Monday, February 14, 2011

Santa Fe



Santa Fe is the capitol of the state of New Mexico, one of the oldest continually inhabited cities in the United States, and an asshole. Santa Fe’s history is a rich, diverse tapestry of assholery. The first known assholes to inhabit this mournful, woebegotten conurbation were the Pueblo Indians, known chiefly for their invention of the building material adobe, a substance favored by many local architects for the ingenious quality of being ugly in the summer and homely in the winter. These moribund people were displaced by the Spanish Crown, that august empire in the all-time running for assholery, who greatly valued the area’s rich leather boutiques and Asian fusion bistros. During centuries of Spanish occupation, aspiring landowners needed written approval from the crown, noble blood, and a work-force of slaves in order to own property in Santa Fe, or about one-third the wealth needed to own property in Sante Fe today. Sante Fe’s transgressions are quite almost too sundry and appalling for mention. Santa Fe fashion is known for its ponchos, fringed hide-leather jackets, and turquoise jewelry, the latter of which has made many the itinerant Mexican wealthy due to tourists’ inability to tell the difference between a day-laborer from Jalisco and a Pueblo Indian from the trailer park off I-25. Santa Fe is furthermore infamous for its execrable “art” scene.
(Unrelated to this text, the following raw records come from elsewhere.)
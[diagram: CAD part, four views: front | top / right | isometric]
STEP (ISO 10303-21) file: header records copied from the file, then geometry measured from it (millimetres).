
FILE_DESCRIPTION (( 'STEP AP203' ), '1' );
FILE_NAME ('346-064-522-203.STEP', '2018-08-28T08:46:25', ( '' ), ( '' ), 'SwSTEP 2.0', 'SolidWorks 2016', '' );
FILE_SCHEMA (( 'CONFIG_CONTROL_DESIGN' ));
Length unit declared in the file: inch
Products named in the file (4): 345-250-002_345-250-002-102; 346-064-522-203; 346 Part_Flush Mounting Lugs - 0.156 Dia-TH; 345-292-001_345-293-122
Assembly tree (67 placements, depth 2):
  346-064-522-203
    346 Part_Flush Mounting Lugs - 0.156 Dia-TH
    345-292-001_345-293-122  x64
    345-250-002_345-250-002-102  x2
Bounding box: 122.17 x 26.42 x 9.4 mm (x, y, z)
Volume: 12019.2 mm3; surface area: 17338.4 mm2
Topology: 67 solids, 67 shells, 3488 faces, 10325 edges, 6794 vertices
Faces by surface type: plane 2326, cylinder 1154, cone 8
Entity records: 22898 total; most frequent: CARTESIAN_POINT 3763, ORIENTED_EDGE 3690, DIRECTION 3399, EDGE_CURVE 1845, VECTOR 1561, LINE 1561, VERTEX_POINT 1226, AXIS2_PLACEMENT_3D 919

The barbarous motifs found in this degenerate school of design include pastel-colored paintings of chili wreaths, Kokapeli, mountains, and Kokapeli in the mountains. For the uninitiated, Kokapeli is the pagan demiurge worshiped by the residents of Santa Fe with thrall-like ardor, appearing on such holy vessels as the sacred hotel gift shop and hallowed postcard. The chief diversions in Santa Fe are paying ten dollars for a domestic beer, simpering, and pretending there aren’t several Indian reservations with third-world living conditions just a stone’s throw down the highway.